The continued development of improved algorithms and architecture for numerical simulations is at the core of increased computational performance and, therefore, the ability to perform more complex and precise numerical simulations in less time in areas such as Computational Fluid Dynamics. Employing faster algorithms on more efficient processing units, such as Graphics Processing Units (GPUs), can reduce not only the time spend per simulation but also the energy required to perform these computations as well. This will be of significant benefit to different areas of research and engineering and through improvement achieved in these to society at large as well.

As simulations grow in dimensions and accuracy the wall clock time is bound to increase substantially, reaching days and potentially months depending on the parameters and geometry of the chosen simulation. The performance of different finite difference solvers with different degrees of optimization on different types of compute hardware was investigated and the achieved speedups assessed. Specifically, one serial CPU-based solver was presented as a baseline, which was then transitioned to a GPU-based solver. This in turn was then optimized further with regards to improved memory redundancy. To make comparisons fairer all of the solvers used the same temporal and spatial discretization techniques. Further, a benchmarking scenario was proposed to be used for the different solvers across used hardware, including the relevant geometry, gird, and initial and boundary conditions.

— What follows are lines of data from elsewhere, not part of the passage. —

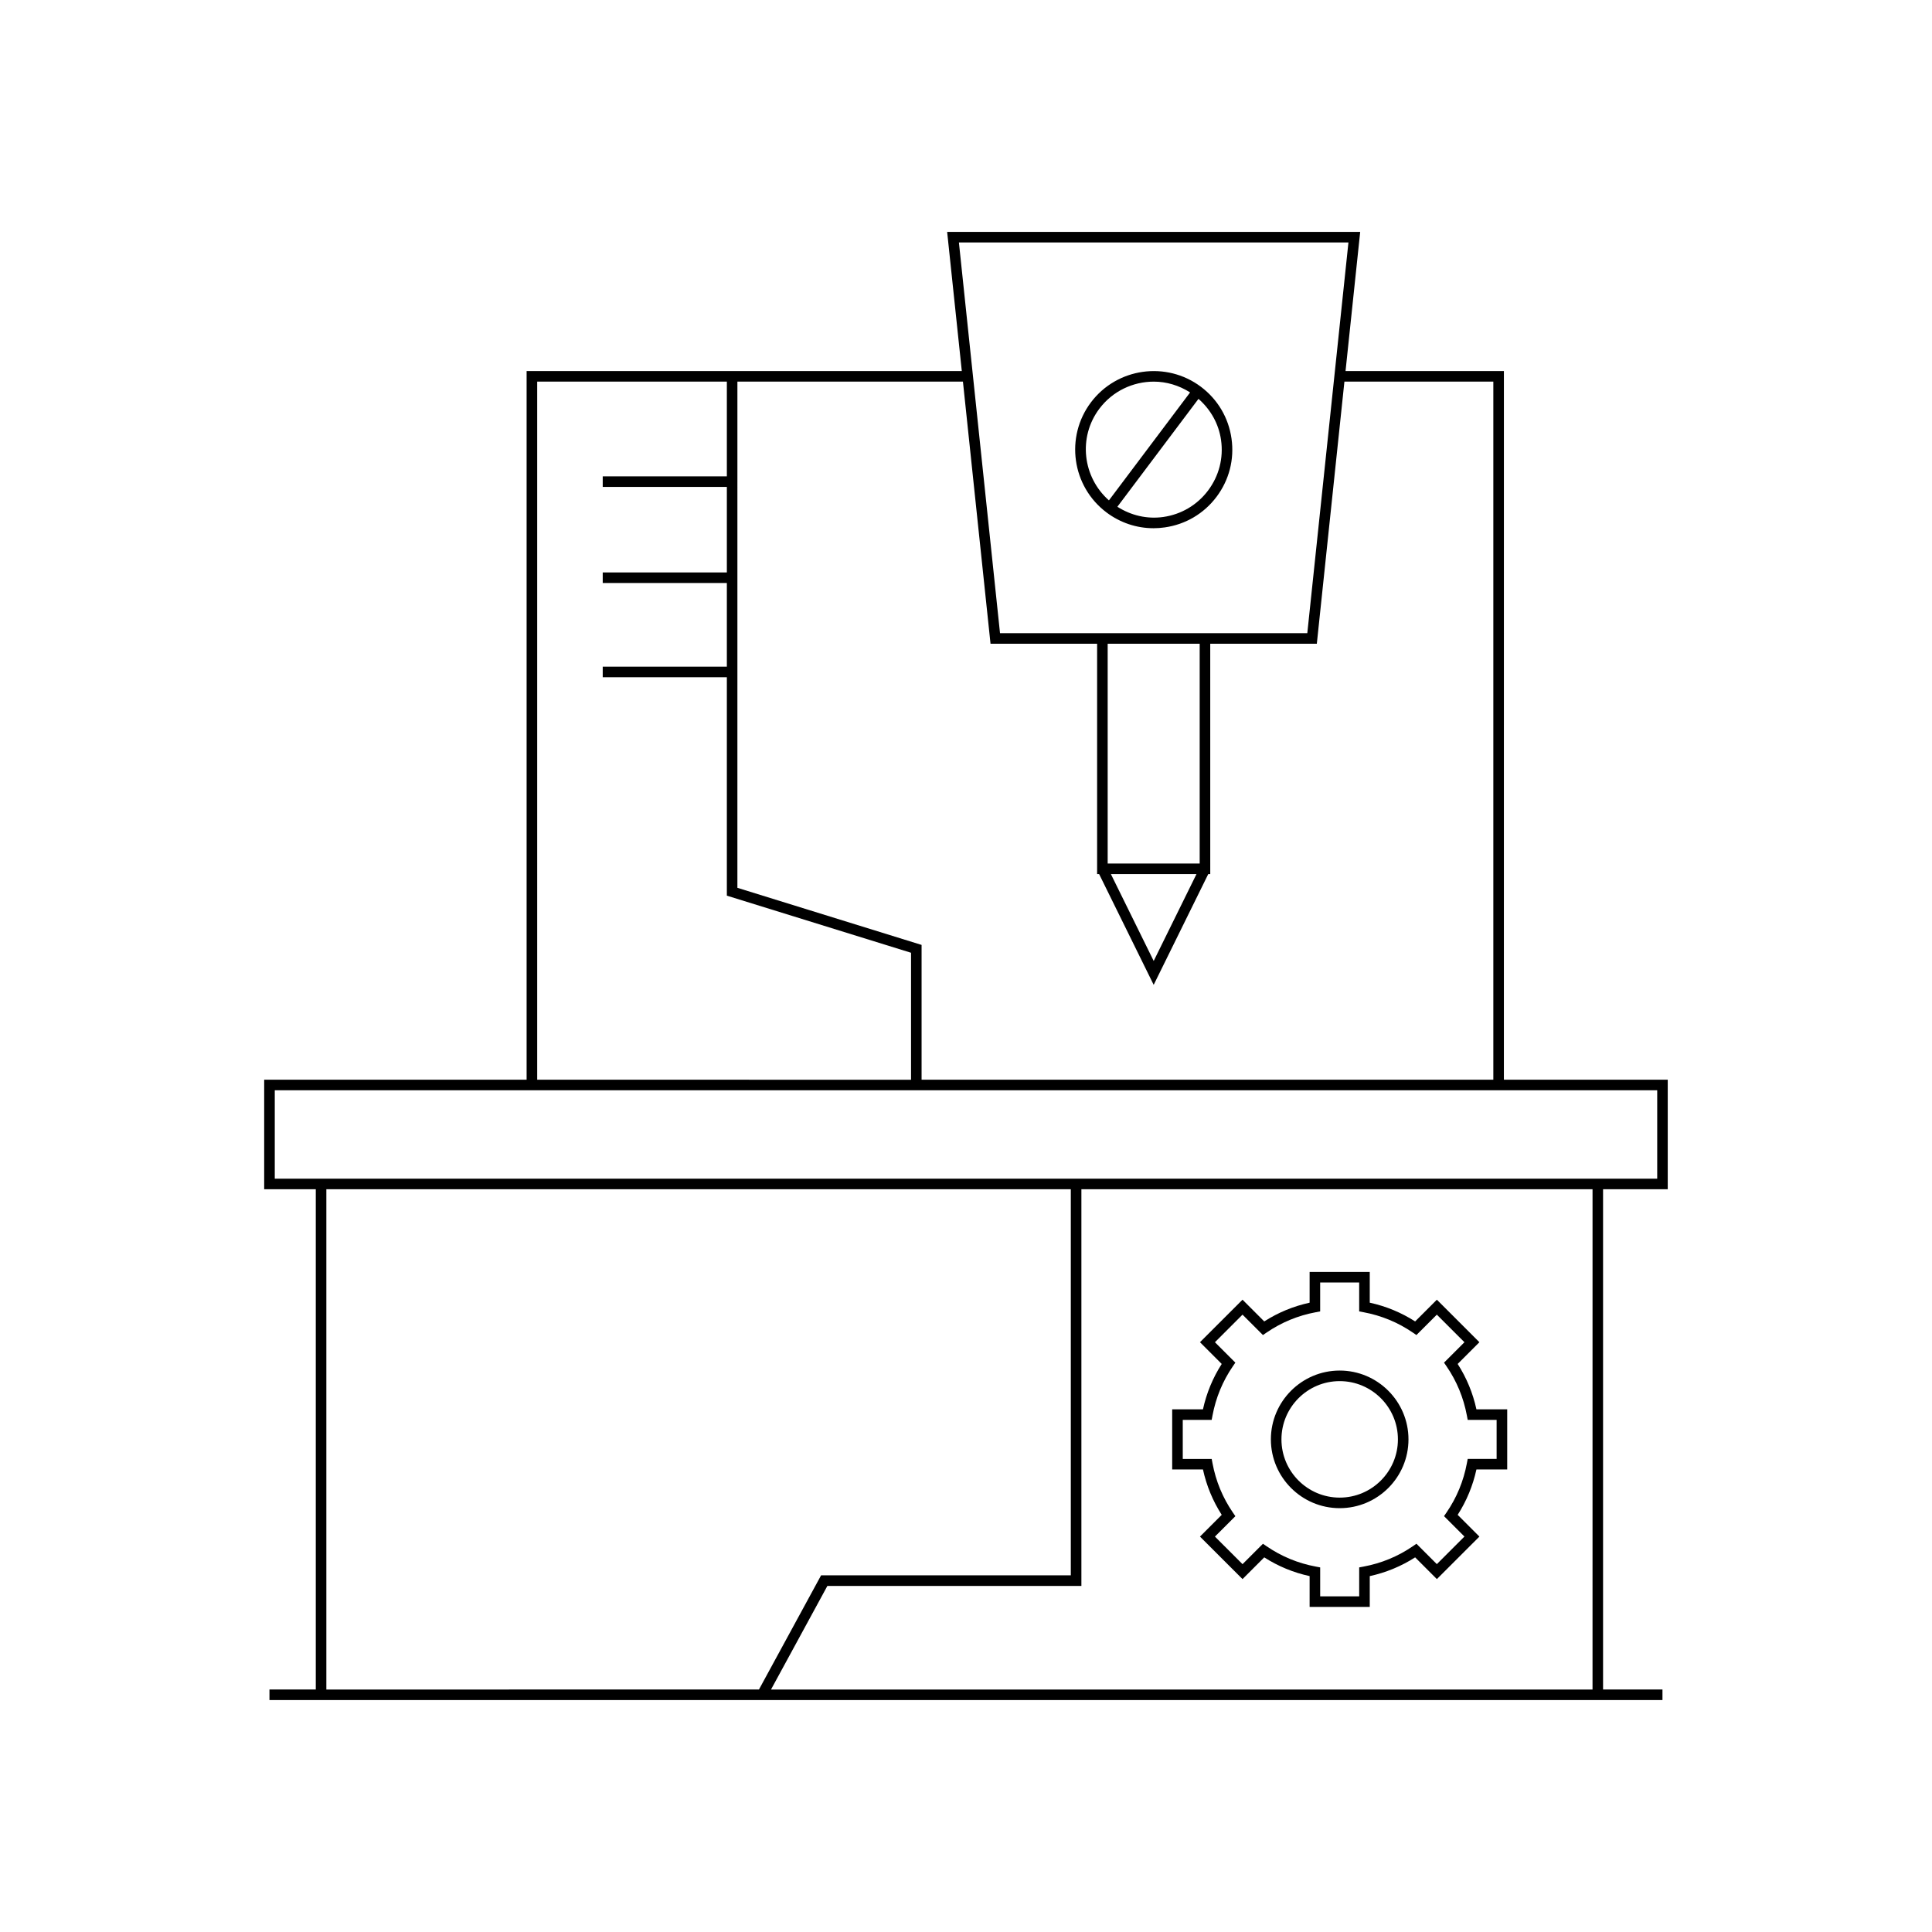 <?xml version="1.0" encoding="UTF-8"?>
<!-- Uploaded to: SVG Repo, www.svgrepo.com, Generator: SVG Repo Mixer Tools -->
<svg fill="#000000" width="800px" height="800px" version="1.1" viewBox="144 144 512 512" xmlns="http://www.w3.org/2000/svg">
 <g>
  <path d="m542.55 242.33h-41.969l3.883-36.879-109.46 0.004 3.883 36.879-115.33-0.004v187.8l-69.547 0.004v29.023h13.676v132.58h-12.277v2.801h369.16v-2.801h-15.742v-132.58h17.141v-29.023h-43.422zm-144.43-34.078h103.23l-10.902 103.55h-81.434zm39.426 164.59v-58.242h24.383v58.242zm23.535 2.801-11.34 23.02-11.344-23.02zm-121.66-130.51h59.766l7.312 69.469h28.246v61.039h0.531l14.461 29.352 14.461-29.352h0.531l-0.004-61.039h28.246l7.312-69.469h39.465v185h-151.52v-35.719l-48.812-15.133zm-53.059 0h50.262v25.109h-32.895v2.801h32.895v22.664h-32.895v2.801h32.895v22.168h-32.895v2.801h32.895v57.883l48.812 15.133v33.652l-99.074-0.008zm-55.875 346.61v-132.58h197.29v102.32h-66.18l-16.465 30.258zm335.55 0h-217.71l14.938-27.457h67.316v-105.12h135.46zm17.141-158.81v23.426h-366.36v-23.426z"/>
  <path d="m437.23 279.8c3.644 2.738 7.988 4.184 12.473 4.184 0.98 0 1.973-0.07 2.965-0.215 5.508-0.777 10.383-3.656 13.723-8.102 3.344-4.445 4.758-9.926 3.973-15.434-0.777-5.512-3.656-10.383-8.102-13.727-9.18-6.894-22.258-5.039-29.156 4.129-6.902 9.18-5.051 22.262 4.125 29.164zm30.363-19.168c0.676 4.766-0.547 9.508-3.441 13.355-2.891 3.848-7.113 6.34-11.879 7.019-4.285 0.605-8.535-0.402-12.156-2.711l21.496-28.594c3.223 2.832 5.371 6.625 5.981 10.93zm-32.254-8.312c3.535-4.703 8.953-7.184 14.426-7.184 3.328 0 6.656 0.973 9.621 2.863l-21.508 28.605c-6.973-6.156-8.223-16.723-2.539-24.285z"/>
  <path d="m467.77 545.45-5.762 5.762 11.273 11.266 5.758-5.758c3.688 2.363 7.723 4.027 12.023 4.965v8.16h15.938v-8.156c4.301-0.941 8.34-2.609 12.027-4.969l5.758 5.758 11.27-11.266-5.758-5.762c2.363-3.684 4.031-7.719 4.973-12.027h8.156v-15.934h-8.156c-0.941-4.309-2.609-8.344-4.973-12.027l5.758-5.762-11.27-11.266-5.758 5.758c-3.688-2.363-7.723-4.027-12.027-4.969v-8.156h-15.938v8.16c-4.301 0.934-8.336 2.602-12.023 4.965l-5.758-5.758-11.273 11.266 5.762 5.762c-2.363 3.684-4.031 7.719-4.973 12.027h-8.156v15.934h8.156c0.941 4.309 2.609 8.344 4.973 12.027zm-10.328-25.164h7.664l0.215-1.141c0.883-4.734 2.699-9.137 5.402-13.07l0.66-0.961-5.414-5.41 7.312-7.309 5.41 5.406 0.961-0.656c3.941-2.699 8.336-4.519 13.066-5.394l1.141-0.215v-7.668h10.34v7.668l1.145 0.215c4.731 0.875 9.125 2.695 13.066 5.394l0.961 0.656 5.41-5.406 7.312 7.309-5.41 5.41 0.66 0.961c2.703 3.938 4.519 8.336 5.402 13.07l0.215 1.141h7.664v10.336h-7.664l-0.215 1.141c-0.883 4.734-2.699 9.137-5.402 13.07l-0.66 0.961 5.41 5.41-7.312 7.309-5.41-5.406-0.957 0.664c-3.941 2.699-8.34 4.519-13.066 5.394l-1.145 0.215v7.668h-10.34v-7.668l-1.141-0.215c-4.731-0.875-9.125-2.695-13.066-5.394l-0.961-0.656-5.41 5.406-7.312-7.309 5.414-5.41-0.66-0.961c-2.703-3.938-4.519-8.336-5.402-13.07l-0.215-1.141h-7.664z"/>
  <path d="m499.03 543.68c10.055 0 18.23-8.18 18.23-18.23 0-10.055-8.18-18.238-18.23-18.238-10.055 0-18.234 8.184-18.234 18.238s8.184 18.23 18.234 18.23zm0-33.668c8.508 0 15.434 6.926 15.434 15.438s-6.922 15.434-15.434 15.434-15.434-6.922-15.434-15.434 6.922-15.438 15.434-15.438z"/>
 </g>
</svg>

The speedups between the different solvers were observed and contextualized with regard to the effort that went into implementing the solvers and the capability and cost of the used hardware. The speedups at different problem sizes were investigated with the aim to establish how the performance gain from parallelizing and optimizing solvers scales with the chosen number of grid points and therefore the computational load.

Very significant speedups were achieved between the regular CPU solver and its GPU implementation, clearly showing the possible performance gains when moving from a serial to a parallel implementation running on an accelerator. The speedups between the two GPU-based solvers were more modest but still significant when considering the possible time spend on one simulation, depending on the chosen number of grid points.

Finally, an additional performance analysis was performed on two Navier-Stokes, one of which was the optimized version of the other, to investigate whether the performance increases were in line with prior findings and what magnitude of a reduction of wall clock time was possible for a state-of-the-art finite difference Navier-Stokes solver.